Repeal an extra 0.9 percent Medicare tax on wages above $200,000 for individuals and $250,000 for married couples. Repealing the tax would save higher income families $117 billion over the next decade.
Repeal an annual fee on health providers based on market share. Repealing the tax would save health insurers $145 billion over the next decade.
Repeal an annual fee on prescription drugmakers and importers. Repealing it would save pharmaceutical companies $25 billion over the next decade.
Allow taxpayers to deduct out-of-pocket health expenses if they exceed 7.5 percent of their income. The ACA limit is 10%. Taxpayers would save $35 billion over the next decade.
Repeal a 2.3% excise tax on medical device makers and importers. Repealing it would save them $20 billion over the next decade.
This bill was not analyzed by the Congressional Budget Office.[3]
H.R. 3121 was introduced into the United States House of Representatives on September 18, 2013 under the short title "American Health Care Reform Act of 2013" as a replacement for the Affordable Care Act. The bill was introduced by Rep. David P. Roe (R, TN-1). It was referred to the United States House Rules Committee, Committee on Appropriations, Committee on House Administration, Natural Resources Committee, House Judiciary Committee, Education and the Workforce Committee, Ways and Means Committee, and Energy and Commerce Committee on the same day it was introduced. The Energy Committee sent it to the Subcommittee on Health on September 20. The Natural Resources Committee sent it to the Subcommittee on Indian and Alaska Native_Affairs on September 23. On October 15, the Judiciary Committee sent it to both the Subcommittees on Constitution and Civil Justice and Regulatory Reform, Commercial And Antitrust Law.[4]
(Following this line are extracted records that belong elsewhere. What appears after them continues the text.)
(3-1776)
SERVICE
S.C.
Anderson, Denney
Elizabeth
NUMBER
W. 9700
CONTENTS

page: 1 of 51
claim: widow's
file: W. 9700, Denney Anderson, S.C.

Critics of H.R. 3121 note that it would include repealing the Affordable Care Act in its entirety.[3]
The use of Health Savings Accounts in the American Health Care Act has been criticized as of limited value to low income Americans, who would not be able to take advantage of the provision.[3]
The Act uses state-run high-risk pools to assist people with pre-existing conditions, which could be excluded from insurance coverage upon repeal of the Affordable Care Act. These pools have typically required high rates, which may make them unaffordable for individuals with low incomes. H.R. 3121 would appropriate $25 billion to be spent over 10 years (or an average of $2.5 billion annually) to subsidize the high risk pools.[3] The cost of covering pre-existing conditions was estimated to be between $15 and $20 billion per year, according to a 2010 National Affairs article.[5] The bill would allow individuals to move between insurance plans and not be without coverage, including coverage for pre-existing conditions.[1]
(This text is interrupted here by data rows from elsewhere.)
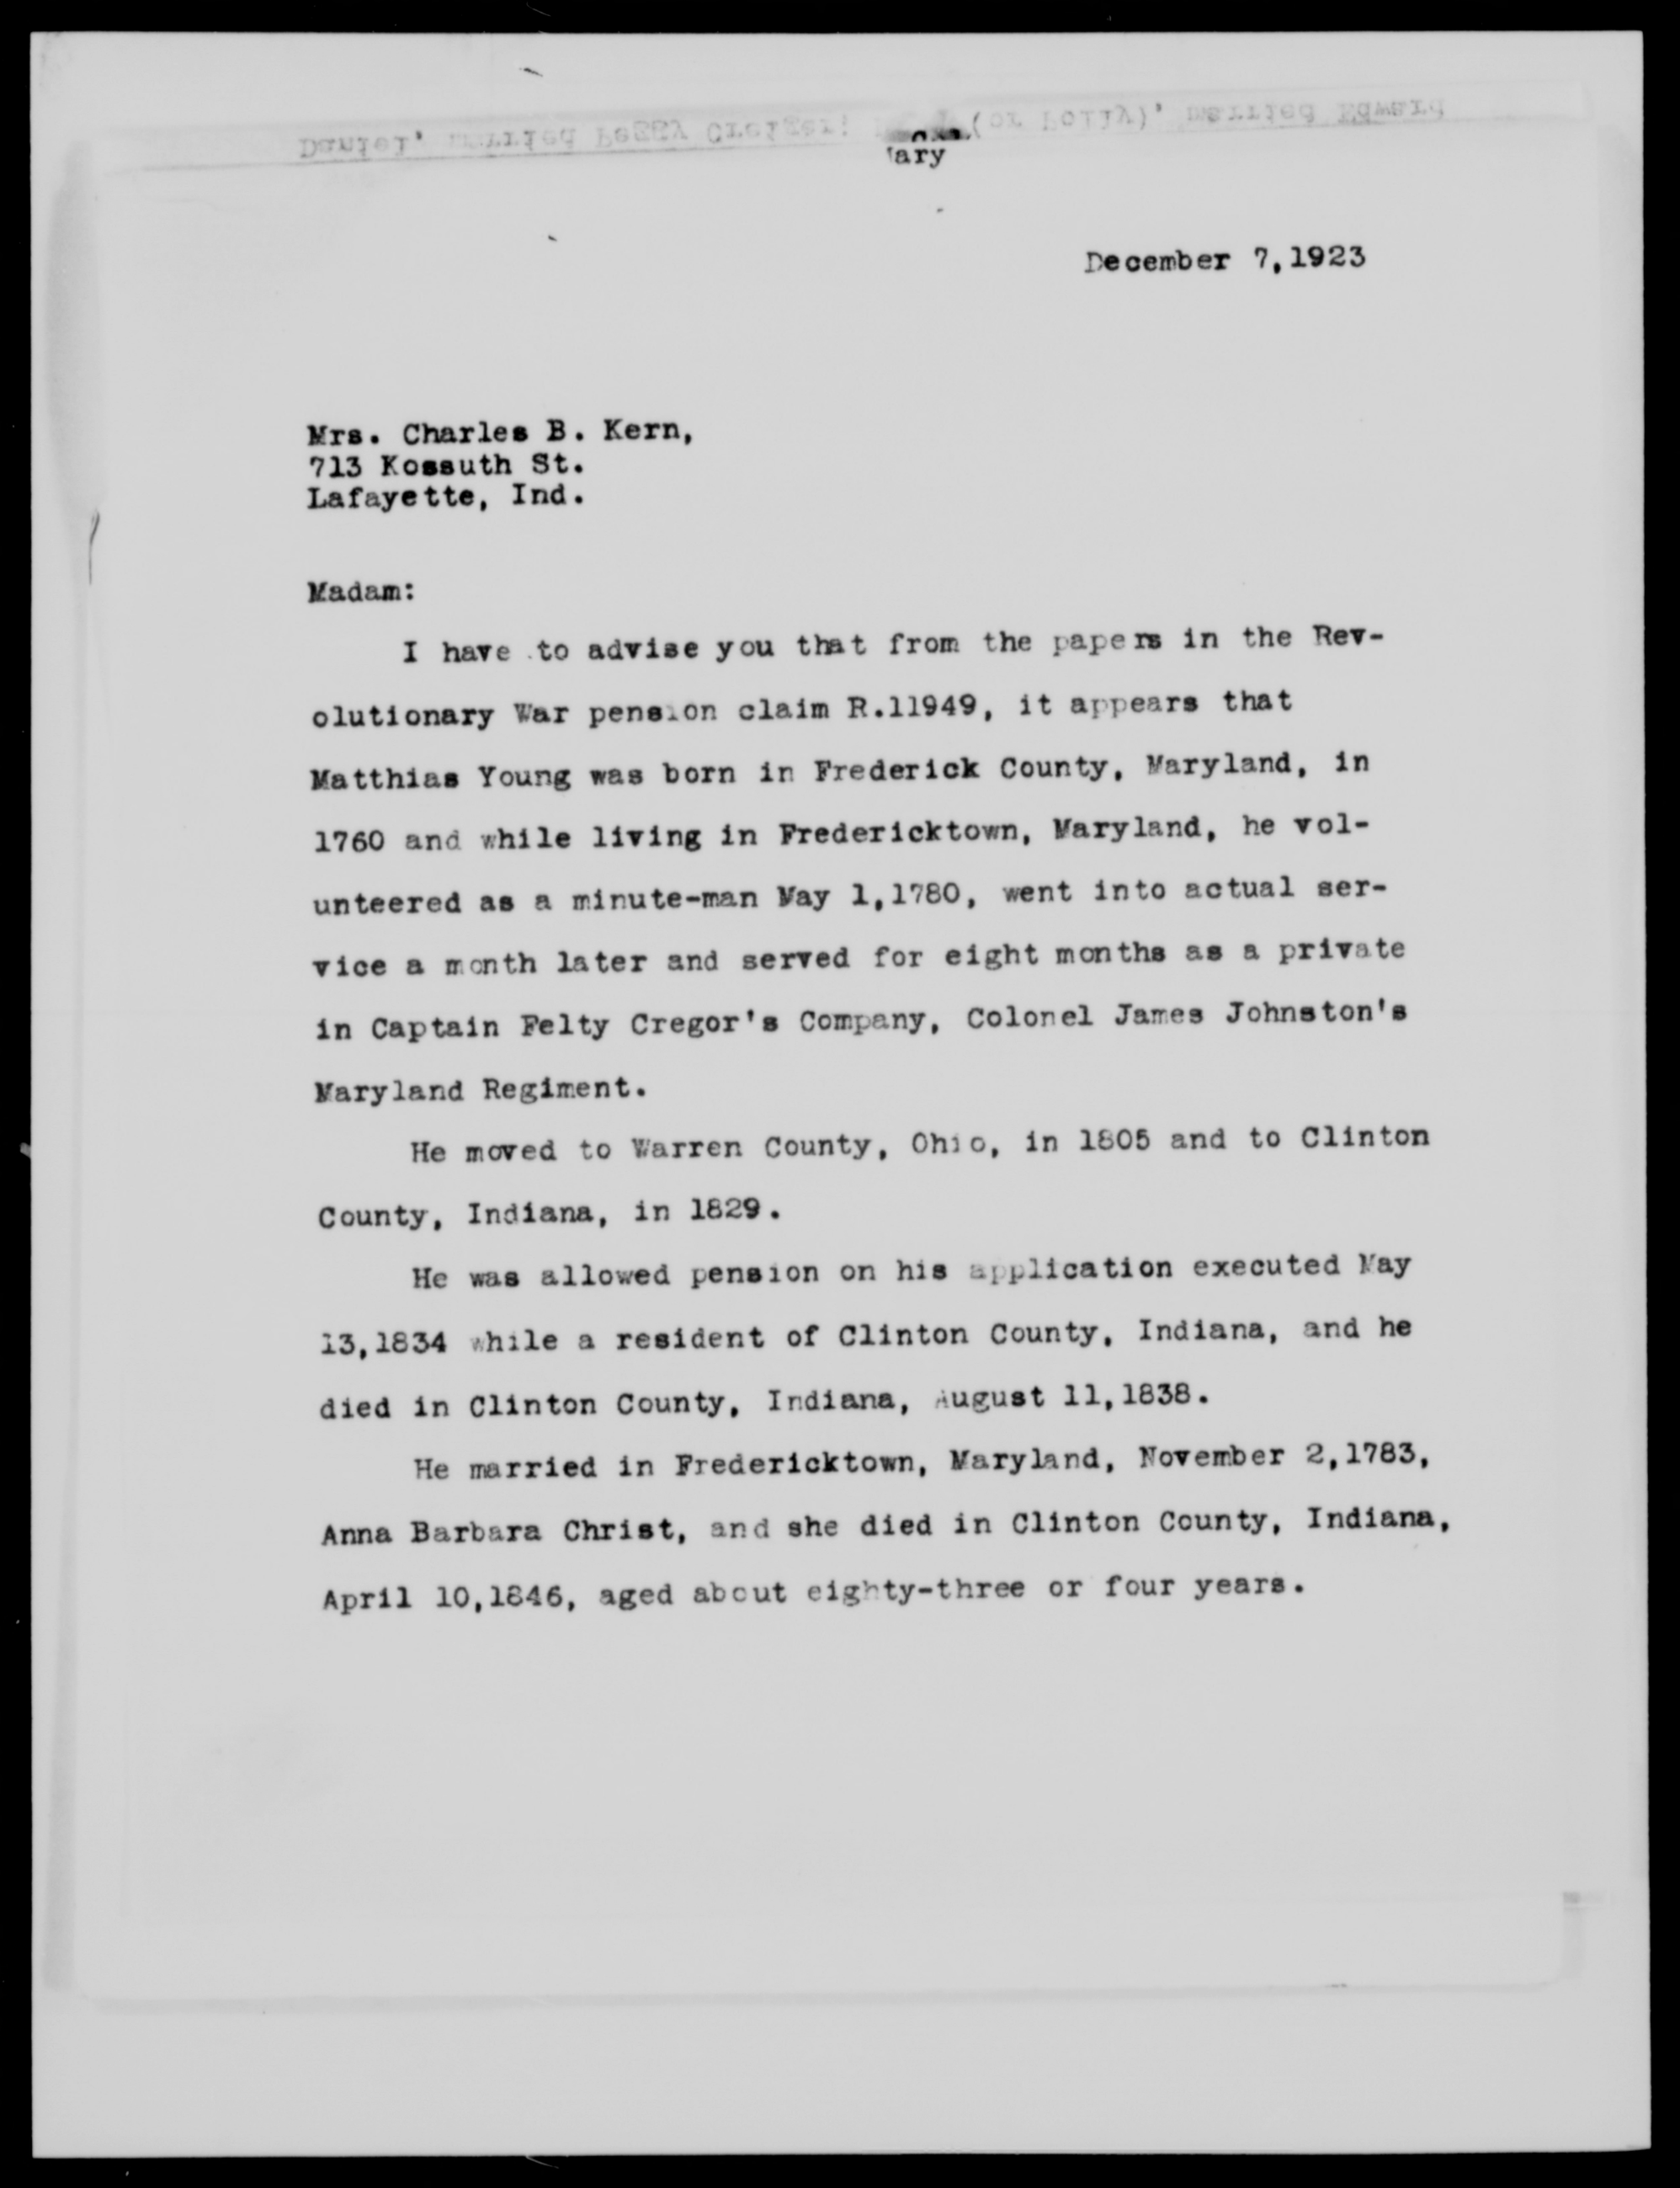December 7, 1923

Mrs. Charles B. Kern,
713 Kossuth St.
Lafayette, Ind.

Madam:
I have to advise you that from the papers in the Revvolutionary War pension claim R.11949, it appears that Matthias Young was born in Frederick County, Maryland, in 1760 and while living in Fredericktown, Maryland, he volunteered as a minute-man May 1, 1780, went into actual service a month later and served for eight months as a private in Captain Felty Cregor's Company, Colonel James Johnston's
Maryland Regiment.
He moved to Warren County, Ohio, in 1805 and to Clinton County, Indiana, in 1829. He was allowed pension on his application executed May 13, 1834 while a resident of Clinton County, Indiana, and he died in Clinton County, Indiana, August 11, 1838.
He married in Fredericktown, Maryland, ovember 2, 1783, Anna Barbara Christ, and she died in Clinton County, Indiana, April 10, 1846, aged about eighty-three or four years.

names: Matthias Young, Anna Barbara Christ, Charles B Kern
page: 53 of 123
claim: rejected
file: R. 11,949, Matthias Young, Md.

H.R. 3121 would attempt to create a more competitive health care market to control prices. This would be achieved through allowing insurance policies to be sold across state lines, prevent a single insurance carrier from dominating the market in any one state, and provide a website for comparing insurance plans, and prevention of federal funding of abortions.[3] Small businesses would be allowed to pool together to negotiate lower rates. The bill strives to achieve affordable health care and increased access, but without mandates or tax increases.[1]
It has been predicted that allowing purchase of insurance across state lines without national requirements for coverage would create a "race to the bottom." The insurance companies would try to reduce how much they would need to charge for their plans by limiting coverage. If individuals choose to purchase primarily on the cost of the plan, many people could end up with insurance offers very little coverage.[6]
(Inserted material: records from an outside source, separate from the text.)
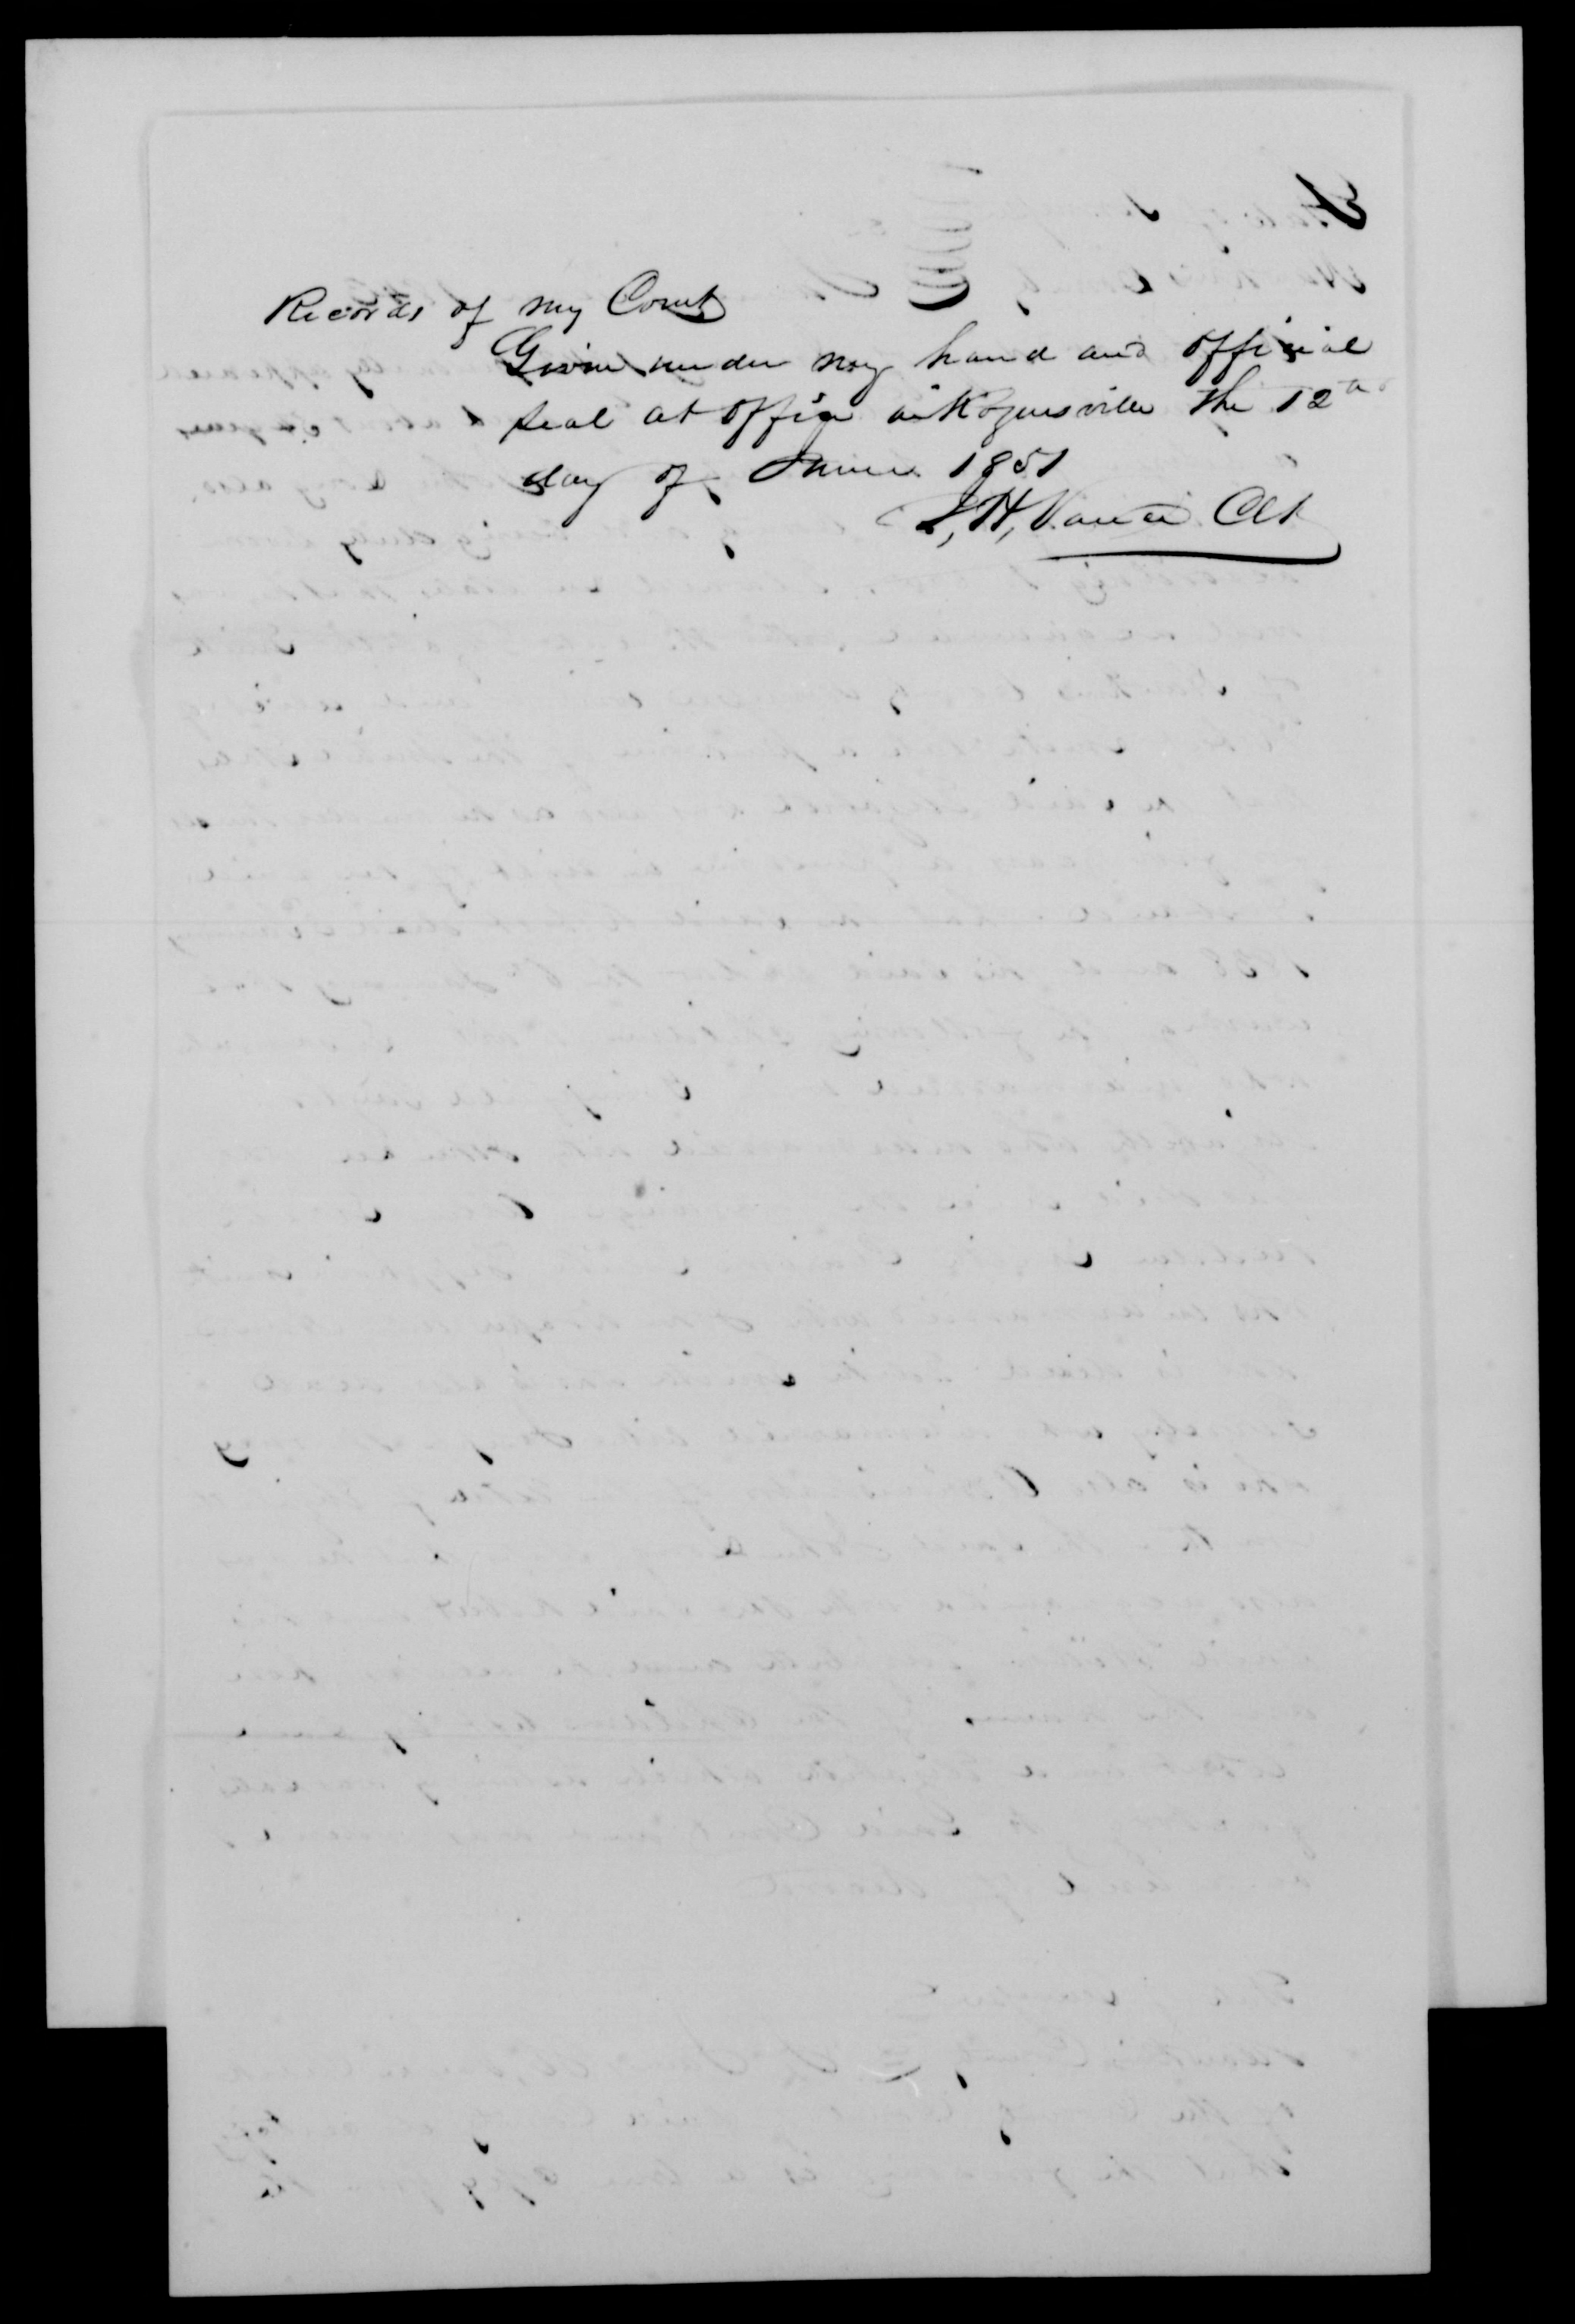Records of my Court
Given under my hand and official
seal at office in Rogersville the 12th
day of Jan 1857
J H. Vance Clk
-

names: J H Vance
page: 45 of 79
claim: widow's
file: W. 1504, for Robert Smith, North Carolina

The bill would reform medical malpractice laws, including limiting non-economic damages to $250,000, in an effort to reduce costs of healthcare. Critics have noted that medical liability costs represent only about 2.4% of health care spending, so reforms will have minimal impact.[3]
The Act consists of less than 200 pages, as compared to the 2,700-page Affordable Care Act. Supporters believe this bill to be less complex, and easier to understand and define.[1]